_AIM OF THE TASK_:
Only the lines from the one that includes "Time since image 1: 1.8 s." through the last line below belong in the reply, copied exactly and without pictures.

_SUPPLIED RECORDS_:
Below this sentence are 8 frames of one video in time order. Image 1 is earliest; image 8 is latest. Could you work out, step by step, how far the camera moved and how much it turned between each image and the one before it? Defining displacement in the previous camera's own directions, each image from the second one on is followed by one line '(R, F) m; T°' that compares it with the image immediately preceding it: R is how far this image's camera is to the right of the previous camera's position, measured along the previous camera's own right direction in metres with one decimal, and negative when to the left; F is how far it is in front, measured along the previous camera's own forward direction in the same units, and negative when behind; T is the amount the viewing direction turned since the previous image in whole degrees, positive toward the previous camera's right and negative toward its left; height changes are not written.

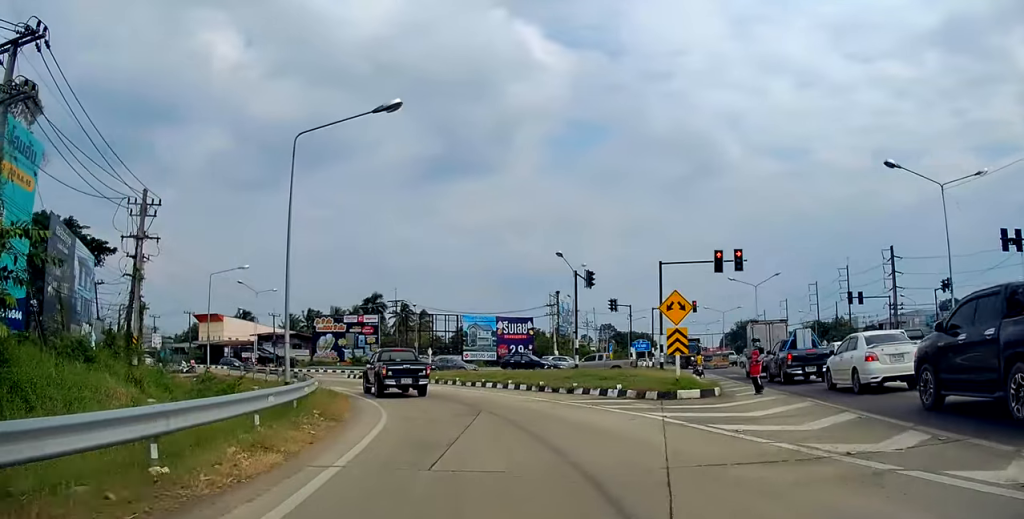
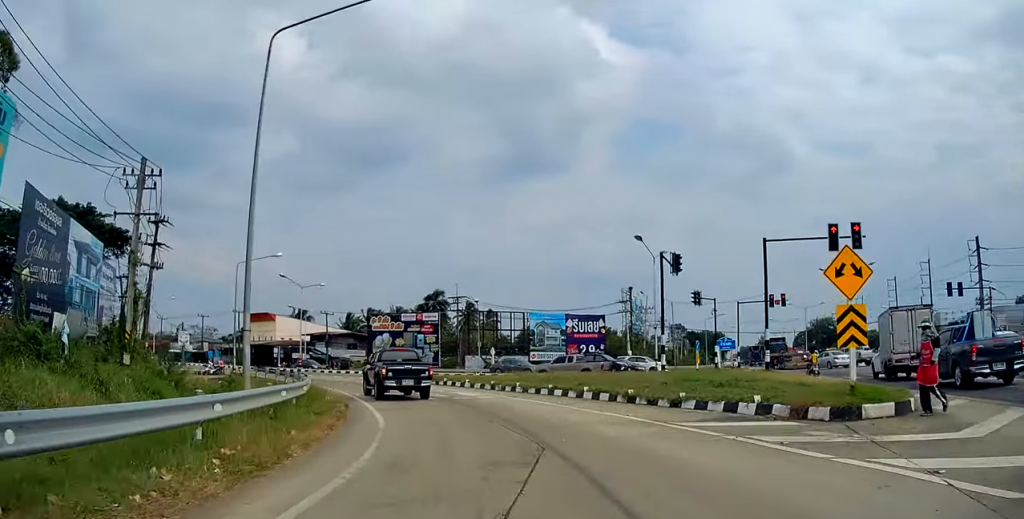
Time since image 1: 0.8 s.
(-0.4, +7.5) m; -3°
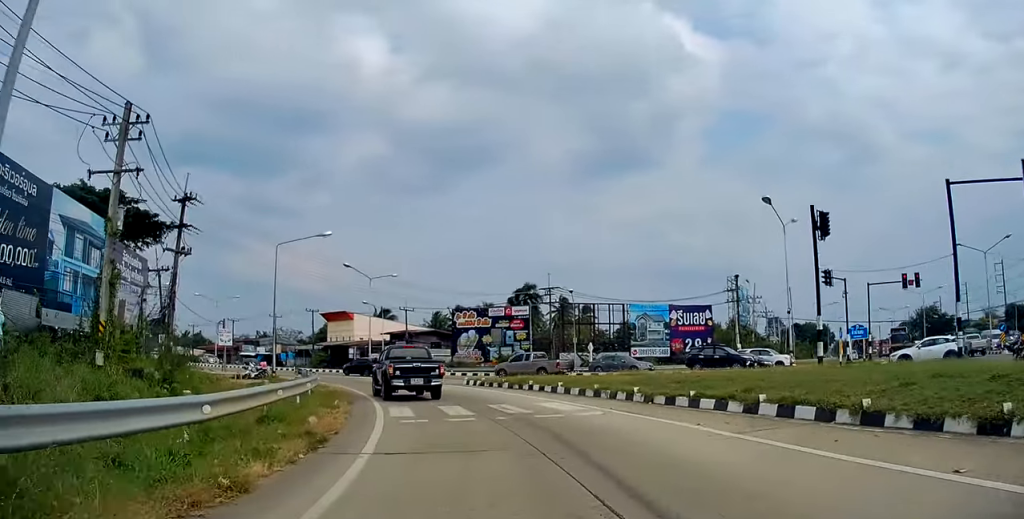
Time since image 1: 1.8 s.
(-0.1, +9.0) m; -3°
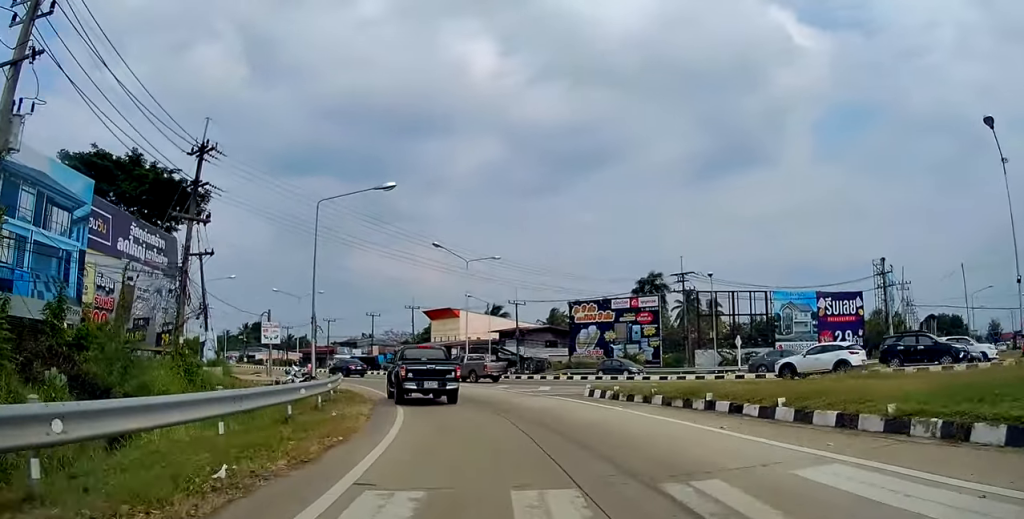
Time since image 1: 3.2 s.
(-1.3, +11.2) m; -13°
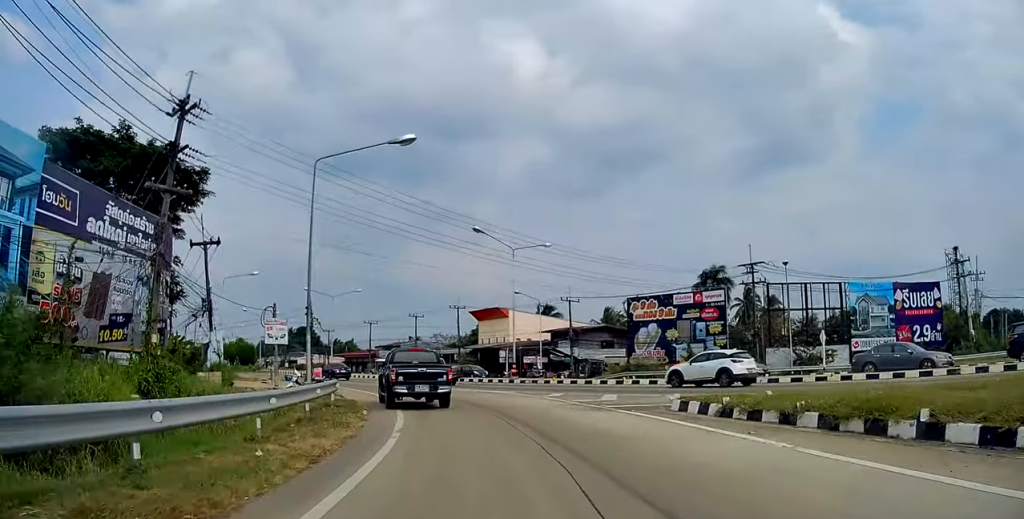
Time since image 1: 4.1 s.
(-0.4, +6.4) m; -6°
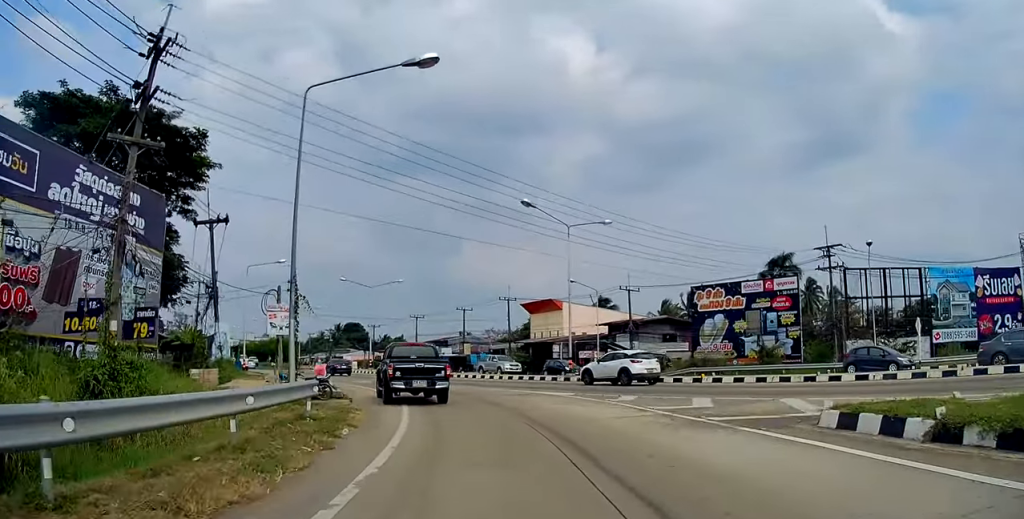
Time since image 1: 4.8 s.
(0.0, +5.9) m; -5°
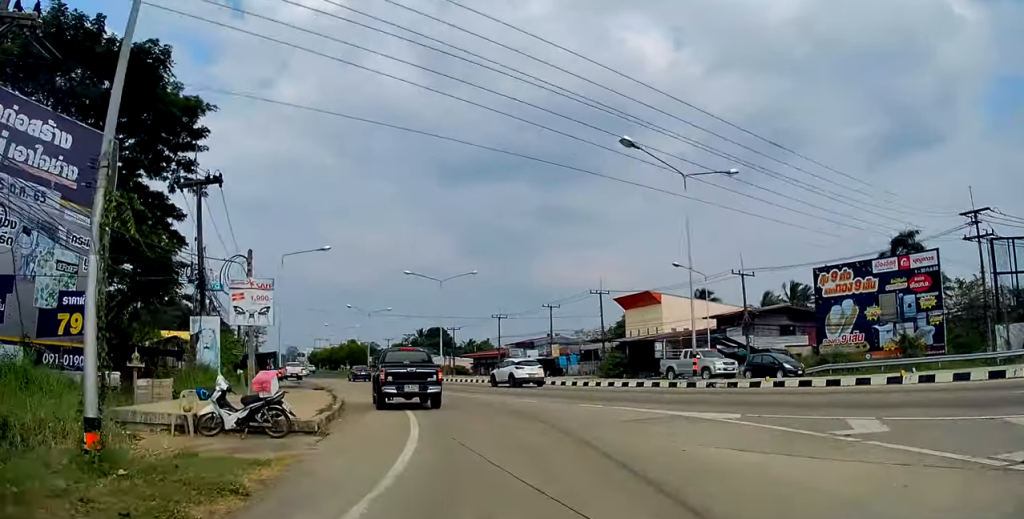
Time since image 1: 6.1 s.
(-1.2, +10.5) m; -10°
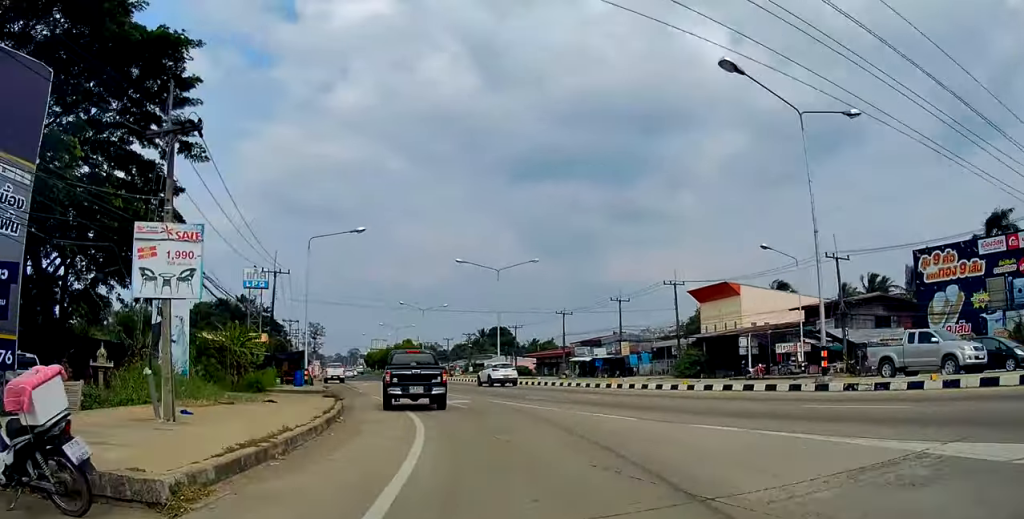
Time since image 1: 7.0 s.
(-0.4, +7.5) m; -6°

_ANSWER BELOW_:
Time since image 1: 1.8 s.
(-0.1, +9.0) m; -3°
Time since image 1: 3.2 s.
(-1.3, +11.2) m; -13°
Time since image 1: 4.1 s.
(-0.4, +6.4) m; -6°
Time since image 1: 4.8 s.
(0.0, +5.9) m; -5°
Time since image 1: 6.1 s.
(-1.2, +10.5) m; -10°
Time since image 1: 7.0 s.
(-0.4, +7.5) m; -6°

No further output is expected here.